When Benjamin Graham was writing “The Intelligent Investor”, the market edge that American investors possessed was information asymmetry. Because there were few sources of comprehensive data–maybe there was a data chart from Moody’s here or there–the buyers and sellers of corporate stock had wildly different amounts of information at their ready access. Ty Cobb could see Coca-Cola stock rolling out across the southeastern United States and use his paychecks from playing baseball for the Detroit Tigers and endorsements from promoting Chesterfield cigarettes to build a million-dollar fortune. His regional access and insight to the product allowed him to see 20% growth in real time in a way that a Texas doctor could never imagine.
The proliferation of the internet and finance sites means that, outside of the world of micro-cap companies, it is extremely difficult to gain a competitive advantage that is the result of having knowledge that the other guy lacks.
But while information asymmetry is no longer a competitive advantage, the ability to process and weigh information correctly is the next step in the evolution of the successful investor. Rather than knowing data points that the other guy doesn’t, the successful stock-picker of today will have access to the same bits of information but will be more discerning about what to weigh of high importance and what information to disregard or accord little value.
I was thinking about this today after I came across the Wall Street Journal article titled: “The Dying Business of Picking Stocks” which offers the following data point that chronicles the rise of index funds:
“Although 66% of mutual-fund and exchange-traded-fund assets are still actively invested, Morningstar says, those numbers are down from 84% 10 years ago and are shrinking fast.”
It has been a while since I have quoted Warren Buffett, so I will remind you of this old bromide: “What the wise do in the beginning, fools do in the end.”
There is a reason why stocks like ExxonMobil haven’t fallen the way that you would expect during the 2014-2016 rollercoaster ride in oil prices. It is because people pouring into index funds are buying it indiscriminately. Every time you contribute a dollar to an index fund, you are putting three cents in ExxonMobil stock alone. Market-cap based indices have an element of a self-fulfilling prophecy to them. As people invest more and more into index funds, they will keep bidding up and up the shares of the names that are auto-assigned for purchase. If the fundamentals at a company like Exxon deteriorate–and I am emphatically NOT making that argument–it will be up to an active investor hedge fund to act as a market maker and adjust the price downward as it deserves.

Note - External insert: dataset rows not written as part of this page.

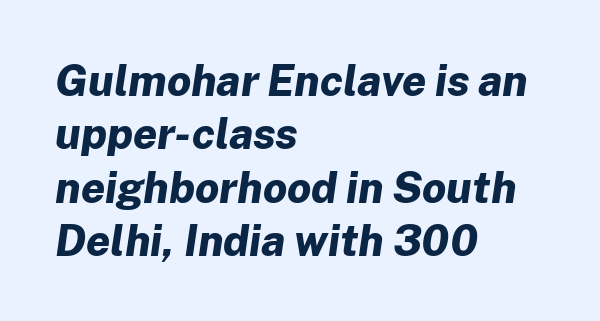
The image shows 43 px bold type, italic (leaning right); set left-aligned, line spacing 1.24x, normal letter spacing, not underlined; low stroke contrast and a medium x-height.
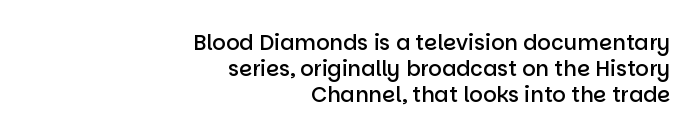
Q: Is the text bold? A: Semi-bold.
Q: Is the text italic (slanted)? A: No, it is upright.
Q: Is the text underlined? A: No.
Q: How is the paragraph aligned? A: Right-aligned.
Q: Is the spacing between letters normal or unusually wide? A: Normal.
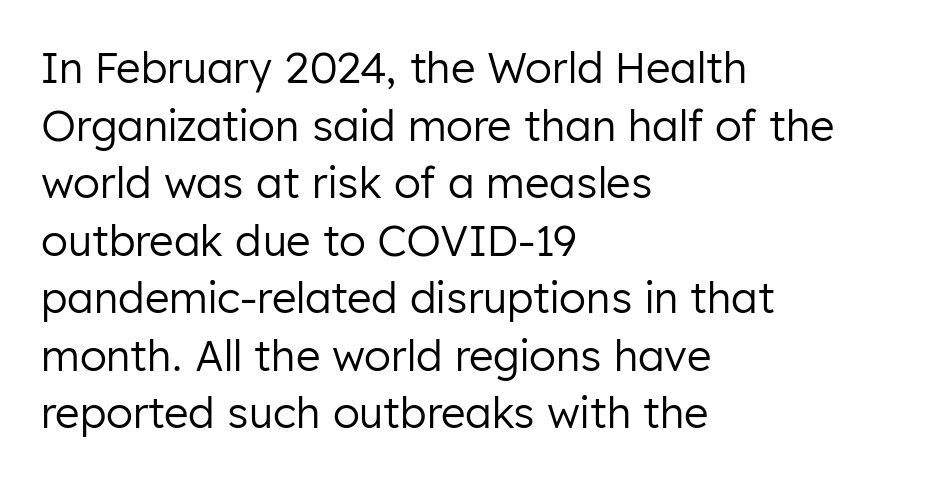
{"serif": "no", "italic": "no", "bold": "no", "weight": "regular", "width": "normal", "stroke_contrast": "low", "x_height": "medium", "monospaced": "no", "underline": "no", "align": "left", "line_spacing": "normal", "line_spacing_ratio": 1.37, "letter_spacing": "normal", "letter_spacing_em": 0.0, "glyph_px": 42}
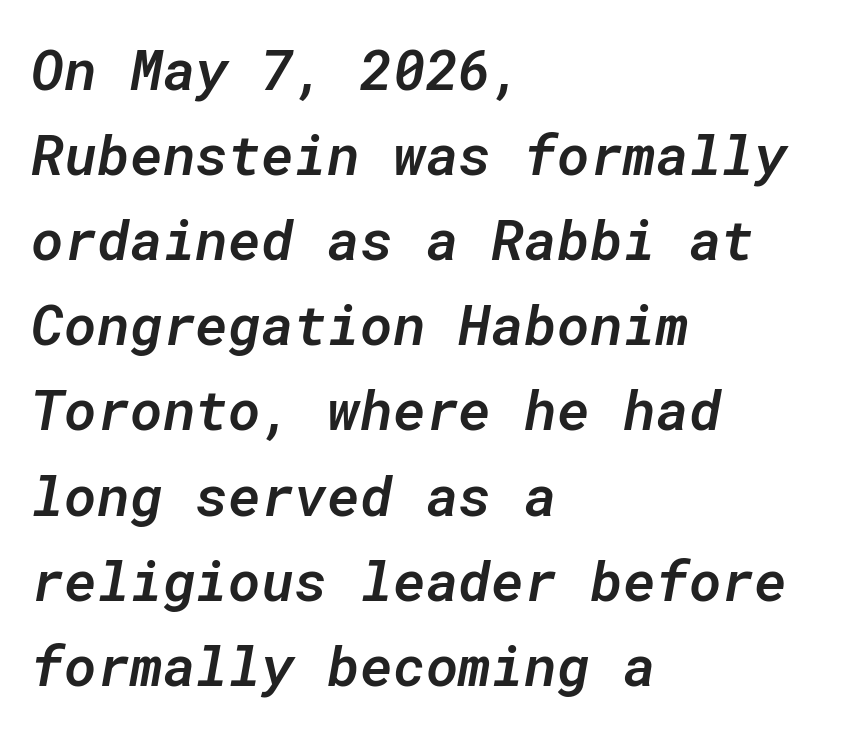
{"italic": "yes", "lean": "right", "slant_degrees": 10, "bold": "semi", "weight": "semibold", "width": "normal", "stroke_contrast": "low", "x_height": "medium", "monospaced": "yes", "underline": "no", "align": "left", "line_spacing": "normal", "line_spacing_ratio": 1.52, "letter_spacing": "normal", "letter_spacing_em": 0.0, "glyph_px": 56}
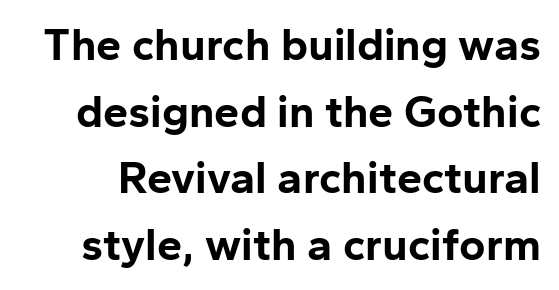
The image shows 45 px bold sans-serif type, upright; set normal line spacing (1.48x), normal letter spacing, not underlined; low stroke contrast and a medium x-height.
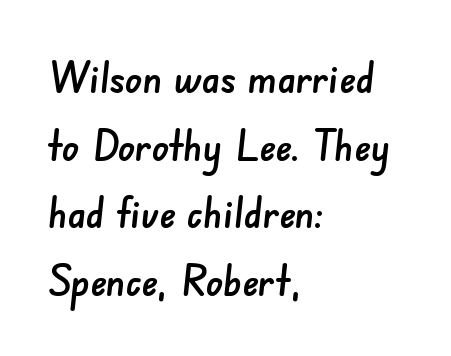
Q: Is the typeface a serif or a sans-serif typeface? A: Sans-serif.
Q: Is the text underlined? A: No.
Q: How is the paragraph aligned? A: Left-aligned.
Q: Is the spacing between letters normal or unusually wide? A: Normal.
Q: Is the spacing between lines tight, normal or loose? A: Normal.
Q: Width (condensed, normal, or wide)? A: Normal.
Q: Stroke contrast? A: Low.
Q: x-height? A: Small.
Q: Monospaced? A: No.
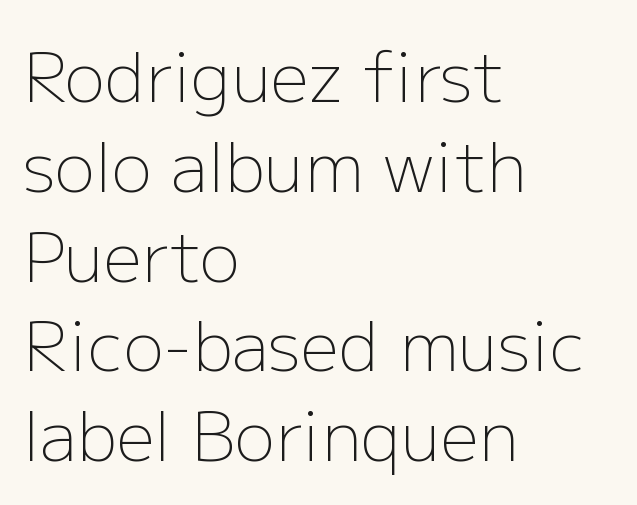
How are the letters spaced? Ordinarily, with no added tracking. The line-height multiplier appears to be the usual default. When letters stand straight like this, we call the style roman or upright. On a weight scale, this lands at 450 or below.

You can continue to believe in a rational market hypothesis while you also acknowledge the rise of formulaic auto-pilot investing such as index funds. The two notions are incompatible. A rational stock price involves an assessment of a company’s prospects in determining the price to offer for the stock; meanwhile, regularly investing in index funds just means that you are buying more, more, and more if what is big regardless of the fundamentals.
The reason why index fund investing worked so well in the 1980s, 1990s, and early 2000s is because it was a niche art. When only ten cents on the dollar are dedicated to auto-purchasing, the values being assigned by the active investing community still dominate. But as we get within five years of witnessing an even split between active and passive management strategies, the historical edge of index funds is starting to disappear. In a sentence, it is because index fund investors will keep on buying shares of a stock with a pre-existing high market cap even as its future prospects begin to dim because the formula calls for the purchase.
Right now, the S&P 500 is trading at 24x earnings. That is a very unforgiving starting point if your goal is to reap the historical 10% returns that the Ibottson data suggests that the stock market produced from 1927 through 2012. The historical P/E ratio of the S&P 500 is around 15x earnings.
I am open to arguments that suggest we have entered a new era of higher deserved valuations for the largest American multinational companies because of technical improvements/productivity gains, an influx of international investing in the American markets, and higher earnings quality when companies earn profits across 50 countries instead of just 1.
But these argument might militate in favor of moving the average valuation of the S&P 500 up to the 18-20x earnings range. This is obviously a value judgment, but to argue that the S&P 500 is fairly valued right now means that you have to hold the belief that each dollar of profits generated by America, Inc. is worth 60% more than it was worth for the past century. That is an especially difficult argument to make when you consider that the earnings per share growth of the S&P 500 is only around 6%.
If my estimate is correct, and the true value of the S&P 500 has been lifted from 15x earnings to the 18-20x earnings range, then the current valuation of 24x earnings means that what we collectively call “the stock market” is 20% to 33% overvalued. What happens when you combine that kind of overvaluation with expected 6% earnings growth and 2% dividends? You’re probably looking at a decade’s worth of returns around 5-6% annualized pre-tax.
This is a good time to be a bit countercultural. Index investing has become quite fashionable, and the indiscriminate buying has bid up shares of America, Inc. to valuations that are a bit frothy / moderately overvalued. As a result, the hurdle for defining success for active investors has just gotten lower. If you’re capable of putting together a collection of assets that earns at least 7% for the decade, then there is a high probability that you will end up beating the performance of the S&P 500 Index over this time frame. At a minimum, I encourage all of you to think about the implications of buying something at 24x earnings that is attached to a 6% growth rate and a 2% dividend rate.